**Exercise brief:** Would you please copy each line of the listing that mentions "outdoors"?

##########

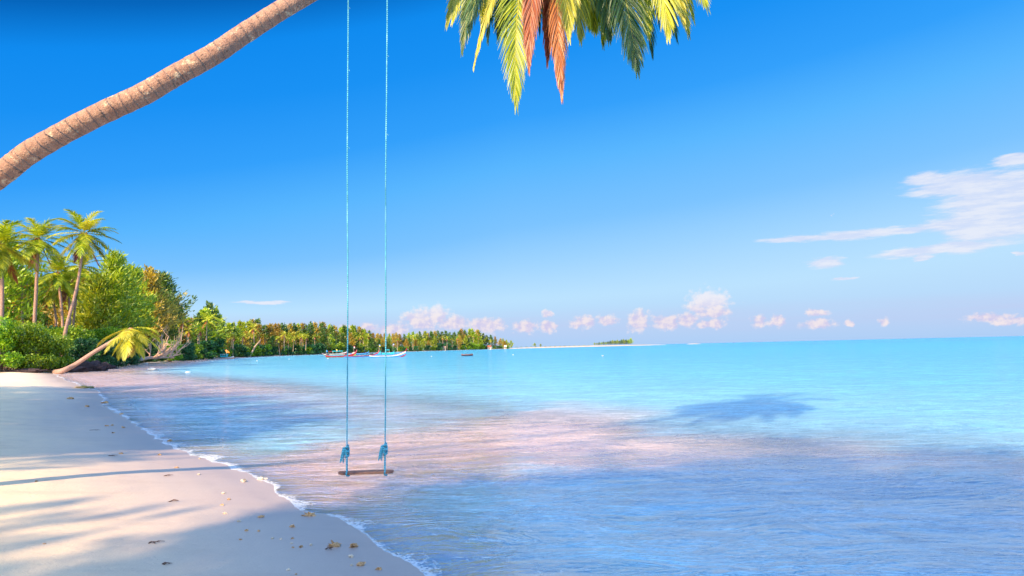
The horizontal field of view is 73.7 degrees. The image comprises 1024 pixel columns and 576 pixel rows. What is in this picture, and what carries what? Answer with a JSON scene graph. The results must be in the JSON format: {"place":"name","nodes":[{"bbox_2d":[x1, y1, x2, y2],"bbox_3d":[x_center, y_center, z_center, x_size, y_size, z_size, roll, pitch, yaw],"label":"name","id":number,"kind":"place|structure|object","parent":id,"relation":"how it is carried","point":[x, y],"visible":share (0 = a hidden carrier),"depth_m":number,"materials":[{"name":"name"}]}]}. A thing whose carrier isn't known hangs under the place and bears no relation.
{"place":"outdoors","nodes":[
{"label":"outdoors","id":0,"kind":"place"},
{"bbox_2d":[328,540,341,546],"bbox_3d":[-1.524,2.218,5.870,0.120,0.108,0.101,-1,-5,0],"label":"seashell","id":1,"kind":"object","parent":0,"point":[335,544],"visible":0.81,"depth_m":5.85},
{"bbox_2d":[0,348,1023,575],"bbox_3d":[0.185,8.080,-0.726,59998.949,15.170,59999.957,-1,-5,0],"label":"ground","id":2,"kind":"structure","parent":0,"point":[85,505],"depth_m":7.42,"materials":[{"name":"sand"}]},
{"bbox_2d":[0,315,31,371],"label":"shrub","id":3,"kind":"object","parent":2,"relation":"on","point":[8,343],"visible":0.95,"depth_m":73.16,"materials":[{"name":"green plant"}]},
{"bbox_2d":[1,368,49,372],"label":"driftwood log","id":4,"kind":"object","parent":2,"relation":"on","point":[30,370],"visible":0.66,"depth_m":73.26,"materials":[{"name":"brown wood"}]},
{"bbox_2d":[3,322,48,366],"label":"shrub","id":5,"kind":"object","parent":2,"relation":"on","point":[31,329],"visible":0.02,"depth_m":83.81,"materials":[{"name":"green plant"}]},
{"bbox_2d":[0,219,52,324],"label":"coconut palm","id":6,"kind":"object","parent":2,"relation":"on","point":[6,263],"visible":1,"depth_m":81.04,"materials":[{"name":"green plant"}]},
{"bbox_2d":[8,256,47,323],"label":"coconut palm","id":7,"kind":"object","parent":2,"relation":"on","point":[30,287],"visible":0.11,"depth_m":104.58,"materials":[{"name":"green plant"}]},
{"bbox_2d":[4,283,53,324],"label":"casuarina tree","id":8,"kind":"object","parent":2,"relation":"on","point":[24,301],"visible":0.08,"depth_m":127.64,"materials":[{"name":"green plant"}]},
{"bbox_2d":[6,320,58,368],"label":"shrub","id":9,"kind":"object","parent":2,"relation":"on","point":[34,342],"visible":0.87,"depth_m":75.26,"materials":[{"name":"green plant"}]},
{"bbox_2d":[2,228,73,324],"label":"casuarina tree","id":10,"kind":"object","parent":2,"relation":"on","point":[10,292],"visible":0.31,"depth_m":97.69,"materials":[{"name":"green plant"}]},
{"bbox_2d":[15,279,66,328],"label":"casuarina tree","id":11,"kind":"object","parent":2,"relation":"on","point":[42,319],"visible":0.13,"depth_m":127.48,"materials":[{"name":"green plant"}]},
{"bbox_2d":[9,217,74,326],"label":"coconut palm","id":12,"kind":"object","parent":2,"relation":"on","point":[41,243],"visible":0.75,"depth_m":90.42,"materials":[{"name":"green plant"}]},
{"bbox_2d":[25,276,71,325],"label":"coconut palm","id":13,"kind":"object","parent":2,"relation":"on","point":[48,303],"visible":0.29,"depth_m":108.02,"materials":[{"name":"green plant"}]},
{"bbox_2d":[35,333,75,369],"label":"shrub","id":14,"kind":"object","parent":2,"relation":"on","point":[63,344],"visible":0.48,"depth_m":79.53,"materials":[{"name":"green plant"}]},
{"bbox_2d":[27,256,89,327],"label":"coconut palm","id":15,"kind":"object","parent":2,"relation":"on","point":[56,281],"visible":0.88,"depth_m":98.12,"materials":[{"name":"green plant"}]},
{"bbox_2d":[38,268,90,331],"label":"casuarina tree","id":16,"kind":"object","parent":2,"relation":"on","point":[65,312],"visible":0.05,"depth_m":122.63,"materials":[{"name":"green plant"}]},
{"bbox_2d":[41,268,95,329],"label":"coconut palm","id":17,"kind":"object","parent":2,"relation":"on","point":[64,293],"visible":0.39,"depth_m":104.33,"materials":[{"name":"green plant"}]},
{"bbox_2d":[47,324,96,346],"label":"shrub","id":18,"kind":"object","parent":2,"relation":"on","point":[79,332],"visible":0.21,"depth_m":94.82,"materials":[{"name":"green plant"}]},
{"bbox_2d":[57,366,92,372],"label":"driftwood log","id":19,"kind":"object","parent":2,"relation":"on","point":[80,369],"visible":0.3,"depth_m":79.23,"materials":[{"name":"brown wood"}]},
{"bbox_2d":[41,208,121,355],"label":"coconut palm","id":20,"kind":"object","parent":2,"relation":"on","point":[82,248],"visible":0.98,"depth_m":84.42,"materials":[{"name":"green plant"}]},
{"bbox_2d":[66,337,102,362],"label":"shrub","id":21,"kind":"object","parent":2,"relation":"on","point":[82,348],"visible":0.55,"depth_m":90.92,"materials":[{"name":"green plant"}]},
{"bbox_2d":[64,253,107,329],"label":"coconut palm","id":22,"kind":"object","parent":2,"relation":"on","point":[84,271],"visible":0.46,"depth_m":110.38,"materials":[{"name":"green plant"}]},
{"bbox_2d":[78,360,100,370],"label":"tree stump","id":23,"kind":"object","parent":2,"relation":"on","point":[88,364],"visible":0.42,"depth_m":83.06,"materials":[{"name":"brown wood"}]},
{"bbox_2d":[57,269,128,335],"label":"casuarina tree","id":24,"kind":"object","parent":2,"relation":"on","point":[95,294],"visible":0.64,"depth_m":117.11,"materials":[{"name":"green plant"}]},
{"bbox_2d":[84,338,114,364],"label":"shrub","id":25,"kind":"object","parent":2,"relation":"on","point":[105,358],"visible":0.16,"depth_m":97.63,"materials":[{"name":"green plant"}]},
{"bbox_2d":[93,362,110,371],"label":"rock","id":26,"kind":"object","parent":2,"relation":"on","point":[103,366],"visible":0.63,"depth_m":83.27,"materials":[{"name":"grey stone"}]},
{"bbox_2d":[48,327,161,373],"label":"fallen palm","id":27,"kind":"object","parent":2,"relation":"on","point":[131,339],"visible":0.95,"depth_m":75.68,"materials":[{"name":"green plant"}]},
{"bbox_2d":[88,325,122,356],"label":"shrub","id":28,"kind":"object","parent":2,"relation":"on","point":[101,334],"visible":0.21,"depth_m":110.89,"materials":[{"name":"green plant"}]},
{"bbox_2d":[62,245,157,336],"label":"casuarina tree","id":29,"kind":"object","parent":2,"relation":"on","point":[116,270],"visible":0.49,"depth_m":122.45,"materials":[{"name":"green plant"}]},
{"bbox_2d":[100,341,129,366],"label":"shrub","id":30,"kind":"object","parent":2,"relation":"on","point":[117,363],"visible":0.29,"depth_m":101.12,"materials":[{"name":"green plant"}]},
{"bbox_2d":[125,347,139,365],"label":"shrub","id":31,"kind":"object","parent":2,"relation":"on","point":[134,360],"visible":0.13,"depth_m":115.58,"materials":[{"name":"green plant"}]},
{"bbox_2d":[113,290,154,329],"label":"casuarina tree","id":32,"kind":"object","parent":2,"relation":"on","point":[143,320],"visible":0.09,"depth_m":132.54,"materials":[{"name":"green plant"}]},
{"bbox_2d":[125,261,162,339],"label":"casuarina tree","id":33,"kind":"object","parent":2,"relation":"on","point":[149,309],"visible":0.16,"depth_m":150.34,"materials":[{"name":"green plant"}]},
{"bbox_2d":[139,341,153,362],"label":"shrub","id":34,"kind":"object","parent":2,"relation":"on","point":[146,348],"visible":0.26,"depth_m":145.32,"materials":[{"name":"green plant"}]},
{"bbox_2d":[146,341,166,361],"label":"shrub","id":35,"kind":"object","parent":2,"relation":"on","point":[155,352],"visible":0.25,"depth_m":163.89,"materials":[{"name":"green plant"}]},
{"bbox_2d":[138,325,189,361],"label":"dead tree","id":36,"kind":"object","parent":2,"relation":"on","point":[163,353],"visible":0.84,"depth_m":148.32,"materials":[{"name":"brown wood"}]},
{"bbox_2d":[141,264,189,342],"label":"casuarina tree","id":37,"kind":"object","parent":2,"relation":"on","point":[153,277],"visible":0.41,"depth_m":168.59,"materials":[{"name":"green plant"}]},
{"bbox_2d":[163,339,182,361],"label":"shrub","id":38,"kind":"object","parent":2,"relation":"on","point":[180,357],"visible":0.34,"depth_m":179.12,"materials":[{"name":"green plant"}]},
{"bbox_2d":[153,270,197,340],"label":"casuarina tree","id":39,"kind":"object","parent":2,"relation":"on","point":[171,287],"visible":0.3,"depth_m":188.66,"materials":[{"name":"green plant"}]},
{"bbox_2d":[175,297,191,343],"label":"casuarina tree","id":40,"kind":"object","parent":2,"relation":"on","point":[183,342],"visible":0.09,"depth_m":213.82,"materials":[{"name":"green plant"}]},
{"bbox_2d":[164,302,204,343],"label":"casuarina tree","id":41,"kind":"object","parent":2,"relation":"on","point":[198,325],"visible":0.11,"depth_m":216.27,"materials":[{"name":"green plant"}]},
{"bbox_2d":[180,317,189,340],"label":"coconut palm","id":42,"kind":"object","parent":2,"relation":"on","point":[185,324],"visible":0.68,"depth_m":206.49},
{"bbox_2d":[176,342,195,360],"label":"shrub","id":43,"kind":"object","parent":2,"relation":"on","point":[187,351],"visible":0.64,"depth_m":198.73,"materials":[{"name":"green plant"}]},
{"bbox_2d":[182,325,194,342],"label":"coconut palm","id":44,"kind":"object","parent":2,"relation":"on","point":[188,331],"visible":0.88,"depth_m":211.86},
{"bbox_2d":[193,343,203,359],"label":"shrub","id":45,"kind":"object","parent":2,"relation":"on","point":[198,347],"visible":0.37,"depth_m":214.27,"materials":[{"name":"green plant"}]},
{"bbox_2d":[192,312,215,341],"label":"casuarina tree","id":46,"kind":"object","parent":2,"relation":"on","point":[199,317],"visible":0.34,"depth_m":252.91,"materials":[{"name":"green plant"}]},
{"bbox_2d":[200,348,207,358],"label":"shrub","id":47,"kind":"object","parent":2,"relation":"on","point":[204,352],"visible":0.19,"depth_m":233.84,"materials":[{"name":"green plant"}]},
{"bbox_2d":[195,313,217,340],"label":"coconut palm","id":48,"kind":"object","parent":2,"relation":"on","point":[207,321],"visible":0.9,"depth_m":252.70,"materials":[{"name":"plant"}]},
{"bbox_2d":[198,340,217,358],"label":"shrub","id":49,"kind":"object","parent":2,"relation":"on","point":[210,344],"visible":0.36,"depth_m":239.65,"materials":[{"name":"green plant"}]},
{"bbox_2d":[194,307,229,340],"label":"casuarina tree","id":50,"kind":"object","parent":2,"relation":"on","point":[206,311],"visible":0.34,"depth_m":264.69,"materials":[{"name":"green plant"}]},
{"bbox_2d":[201,337,226,357],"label":"shrub","id":51,"kind":"object","parent":2,"relation":"on","point":[220,342],"visible":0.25,"depth_m":262.74,"materials":[{"name":"green plant"}]},
{"bbox_2d":[211,316,226,357],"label":"coconut palm","id":52,"kind":"object","parent":2,"relation":"on","point":[216,318],"visible":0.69,"depth_m":271.12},
{"bbox_2d":[205,300,233,337],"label":"casuarina tree","id":53,"kind":"object","parent":2,"relation":"on","point":[209,305],"visible":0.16,"depth_m":284.28,"materials":[{"name":"green plant"}]},
{"bbox_2d":[213,306,225,331],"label":"casuarina tree","id":54,"kind":"object","parent":2,"relation":"on","point":[220,314],"visible":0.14,"depth_m":300.79,"materials":[{"name":"green plant"}]},
{"bbox_2d":[226,322,241,347],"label":"casuarina tree","id":55,"kind":"object","parent":2,"relation":"on","point":[232,324],"visible":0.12,"depth_m":342.25,"materials":[{"name":"green plant"}]},
{"bbox_2d":[225,322,243,347],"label":"casuarina tree","id":56,"kind":"object","parent":2,"relation":"on","point":[228,326],"visible":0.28,"depth_m":330.76,"materials":[{"name":"green plant"}]},
{"bbox_2d":[229,346,244,356],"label":"shrub","id":57,"kind":"object","parent":2,"relation":"on","point":[238,349],"visible":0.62,"depth_m":318.52,"materials":[{"name":"green plant"}]},
{"bbox_2d":[234,343,249,356],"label":"shrub","id":58,"kind":"object","parent":2,"relation":"on","point":[246,353],"visible":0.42,"depth_m":322.22,"materials":[{"name":"green plant"}]},
{"bbox_2d":[240,331,251,351],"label":"casuarina tree","id":59,"kind":"object","parent":2,"relation":"on","point":[246,342],"visible":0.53,"depth_m":335.62,"materials":[{"name":"green plant"}]},
{"bbox_2d":[241,322,254,344],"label":"casuarina tree","id":60,"kind":"object","parent":2,"relation":"on","point":[244,324],"visible":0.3,"depth_m":358.52,"materials":[{"name":"green plant"}]},
{"bbox_2d":[246,320,258,343],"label":"casuarina tree","id":61,"kind":"object","parent":2,"relation":"on","point":[249,322],"visible":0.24,"depth_m":364.21,"materials":[{"name":"green plant"}]},
{"bbox_2d":[244,323,260,343],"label":"coconut palm","id":62,"kind":"object","parent":2,"relation":"on","point":[252,329],"visible":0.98,"depth_m":356.15,"materials":[{"name":"plant"}]},
{"bbox_2d":[248,319,259,344],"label":"casuarina tree","id":63,"kind":"object","parent":2,"relation":"on","point":[252,321],"visible":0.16,"depth_m":372.63,"materials":[{"name":"green plant"}]},
{"bbox_2d":[252,343,262,356],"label":"shrub","id":64,"kind":"object","parent":2,"relation":"on","point":[257,348],"visible":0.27,"depth_m":346.20,"materials":[{"name":"green plant"}]},
{"bbox_2d":[253,318,268,344],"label":"casuarina tree","id":65,"kind":"object","parent":2,"relation":"on","point":[258,320],"visible":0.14,"depth_m":389.85,"materials":[{"name":"green plant"}]},
{"bbox_2d":[256,323,267,344],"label":"casuarina tree","id":66,"kind":"object","parent":2,"relation":"on","point":[264,341],"visible":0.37,"depth_m":385.29,"materials":[{"name":"green plant"}]},
{"bbox_2d":[262,324,270,344],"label":"casuarina tree","id":67,"kind":"object","parent":2,"relation":"on","point":[264,327],"visible":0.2,"depth_m":408.53,"materials":[{"name":"green plant"}]},
{"bbox_2d":[265,325,275,345],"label":"casuarina tree","id":68,"kind":"object","parent":2,"relation":"on","point":[269,327],"visible":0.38,"depth_m":411.84,"materials":[{"name":"green plant"}]},
{"bbox_2d":[267,335,279,355],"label":"casuarina tree","id":69,"kind":"object","parent":2,"relation":"on","point":[272,338],"visible":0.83,"depth_m":384.60,"materials":[{"name":"green plant"}]},
{"bbox_2d":[264,323,285,346],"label":"casuarina tree","id":70,"kind":"object","parent":2,"relation":"on","point":[272,329],"visible":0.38,"depth_m":414.54,"materials":[{"name":"green plant"}]},
{"bbox_2d":[271,346,279,355],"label":"shrub","id":71,"kind":"object","parent":2,"relation":"on","point":[276,352],"visible":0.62,"depth_m":384.91,"materials":[{"name":"green plant"}]},
{"bbox_2d":[274,322,282,342],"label":"casuarina tree","id":72,"kind":"object","parent":2,"relation":"on","point":[275,328],"visible":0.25,"depth_m":425.16,"materials":[{"name":"green plant"}]},
{"bbox_2d":[276,337,284,352],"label":"casuarina tree","id":73,"kind":"object","parent":2,"relation":"on","point":[280,345],"visible":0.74,"depth_m":397.09,"materials":[{"name":"green plant"}]},
{"bbox_2d":[282,346,293,354],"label":"shrub","id":74,"kind":"object","parent":2,"relation":"on","point":[289,349],"visible":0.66,"depth_m":411.15,"materials":[{"name":"green plant"}]},
{"bbox_2d":[280,322,296,346],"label":"casuarina tree","id":75,"kind":"object","parent":2,"relation":"on","point":[283,327],"visible":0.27,"depth_m":440.46,"materials":[{"name":"green plant"}]},
{"bbox_2d":[282,333,295,350],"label":"casuarina tree","id":76,"kind":"object","parent":2,"relation":"on","point":[290,342],"visible":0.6,"depth_m":423.34,"materials":[{"name":"green plant"}]},
{"bbox_2d":[287,323,295,344],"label":"casuarina tree","id":77,"kind":"object","parent":2,"relation":"on","point":[290,326],"visible":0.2,"depth_m":451.27,"materials":[{"name":"green plant"}]},
{"bbox_2d":[289,344,302,354],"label":"shrub","id":78,"kind":"object","parent":2,"relation":"on","point":[294,349],"visible":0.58,"depth_m":426.55,"materials":[{"name":"green plant"}]},
{"bbox_2d":[290,322,304,344],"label":"casuarina tree","id":79,"kind":"object","parent":2,"relation":"on","point":[295,327],"visible":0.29,"depth_m":456.17,"materials":[{"name":"green plant"}]},
{"bbox_2d":[296,323,307,346],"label":"casuarina tree","id":80,"kind":"object","parent":2,"relation":"on","point":[302,344],"visible":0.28,"depth_m":471.44,"materials":[{"name":"green plant"}]},
{"bbox_2d":[304,344,314,353],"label":"shrub","id":81,"kind":"object","parent":2,"relation":"on","point":[311,347],"visible":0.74,"depth_m":450.12,"materials":[{"name":"green plant"}]},
{"bbox_2d":[303,324,317,344],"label":"casuarina tree","id":82,"kind":"object","parent":2,"relation":"on","point":[309,338],"visible":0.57,"depth_m":476.75,"materials":[{"name":"green plant"}]},
{"bbox_2d":[307,321,317,344],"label":"casuarina tree","id":83,"kind":"object","parent":2,"relation":"on","point":[311,326],"visible":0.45,"depth_m":485.74,"materials":[{"name":"green plant"}]},
{"bbox_2d":[310,322,320,343],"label":"casuarina tree","id":84,"kind":"object","parent":2,"relation":"on","point":[316,325],"visible":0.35,"depth_m":502.58,"materials":[{"name":"green plant"}]},
{"bbox_2d":[313,343,327,353],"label":"shrub","id":85,"kind":"object","parent":2,"relation":"on","point":[319,344],"visible":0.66,"depth_m":473.65,"materials":[{"name":"green plant"}]},
{"bbox_2d":[315,328,332,349],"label":"casuarina tree","id":86,"kind":"object","parent":2,"relation":"on","point":[323,339],"visible":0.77,"depth_m":481.06,"materials":[{"name":"green plant"}]},
{"bbox_2d":[318,322,333,336],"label":"casuarina tree","id":87,"kind":"object","parent":2,"relation":"on","point":[321,326],"visible":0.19,"depth_m":511.22,"materials":[{"name":"green plant"}]},
{"bbox_2d":[329,324,339,341],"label":"casuarina tree","id":88,"kind":"object","parent":2,"relation":"on","point":[333,330],"visible":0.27,"depth_m":533.90,"materials":[{"name":"green plant"}]},
{"bbox_2d":[337,342,344,352],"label":"shrub","id":89,"kind":"object","parent":2,"relation":"on","point":[340,347],"visible":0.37,"depth_m":513.98,"materials":[{"name":"green plant"}]},
{"bbox_2d":[336,332,350,350],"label":"casuarina tree","id":90,"kind":"object","parent":2,"relation":"on","point":[342,339],"visible":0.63,"depth_m":524.85,"materials":[{"name":"green plant"}]},
{"bbox_2d":[338,325,355,341],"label":"casuarina tree","id":91,"kind":"object","parent":2,"relation":"on","point":[344,328],"visible":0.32,"depth_m":559.42,"materials":[{"name":"green plant"}]},
{"bbox_2d":[346,332,356,349],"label":"casuarina tree","id":92,"kind":"object","parent":2,"relation":"on","point":[352,341],"visible":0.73,"depth_m":545.20,"materials":[{"name":"green plant"}]},
{"bbox_2d":[348,325,360,343],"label":"casuarina tree","id":93,"kind":"object","parent":2,"relation":"on","point":[353,332],"visible":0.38,"depth_m":576.16,"materials":[{"name":"green plant"}]},
{"bbox_2d":[0,0,711,189],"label":"coconut palm","id":94,"kind":"object","parent":2,"relation":"on","point":[559,18],"visible":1,"depth_m":8.53,"materials":[{"name":"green plant"}]},
{"bbox_2d":[338,0,393,476],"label":"rope swing","id":95,"kind":"object","parent":94,"relation":"hanging from","point":[383,451],"visible":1,"depth_m":7.30,"materials":[{"name":"fabric"}]},
{"bbox_2d":[359,334,368,352],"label":"casuarina tree","id":96,"kind":"object","parent":2,"relation":"on","point":[365,341],"visible":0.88,"depth_m":571.29,"materials":[{"name":"green plant"}]},
{"bbox_2d":[422,331,431,344],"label":"casuarina tree","id":97,"kind":"object","parent":2,"relation":"on","point":[425,335],"visible":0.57,"depth_m":775.28,"materials":[{"name":"green plant"}]},
{"bbox_2d":[429,336,437,346],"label":"casuarina tree","id":98,"kind":"object","parent":2,"relation":"on","point":[433,342],"visible":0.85,"depth_m":757.59,"materials":[{"name":"green plant"}]},
{"bbox_2d":[459,328,470,343],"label":"casuarina tree","id":99,"kind":"object","parent":2,"relation":"on","point":[463,334],"visible":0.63,"depth_m":886.46,"materials":[{"name":"green plant"}]},
{"bbox_2d":[0,0,1023,349],"label":"sky","id":100,"kind":"structure","parent":0,"point":[785,170],"materials":[{"name":"blue"}]},
{"bbox_2d":[55,336,1023,575],"bbox_3d":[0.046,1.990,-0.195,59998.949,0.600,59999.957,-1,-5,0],"label":"water","id":101,"kind":"structure","parent":0,"point":[963,395],"depth_m":12.02,"materials":[{"name":"liquid"}]},
{"bbox_2d":[213,349,233,358],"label":"motor boat","id":102,"kind":"object","parent":101,"relation":"on","point":[225,355],"visible":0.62,"depth_m":247.49,"materials":[{"name":"blue paint"}]},
{"bbox_2d":[321,350,356,357],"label":"longtail boat","id":103,"kind":"object","parent":101,"relation":"on","point":[353,354],"visible":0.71,"depth_m":196.26,"materials":[{"name":"red paint"}]},
{"bbox_2d":[341,351,378,356],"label":"longtail boat","id":104,"kind":"object","parent":101,"relation":"on","point":[375,354],"visible":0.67,"depth_m":193.06,"materials":[{"name":"blue paint"}]},
{"bbox_2d":[363,348,406,357],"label":"longtail boat","id":105,"kind":"object","parent":101,"relation":"on","point":[402,354],"visible":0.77,"depth_m":168.74,"materials":[{"name":"white paint"}]},
{"bbox_2d":[514,345,638,348],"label":"sandbank","id":106,"kind":"structure","parent":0,"point":[578,346],"depth_m":1139.88,"materials":[{"name":"sand"}]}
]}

##########

**Worked solution:**
{"place":"outdoors","nodes":[
{"label":"outdoors","id":0,"kind":"place"},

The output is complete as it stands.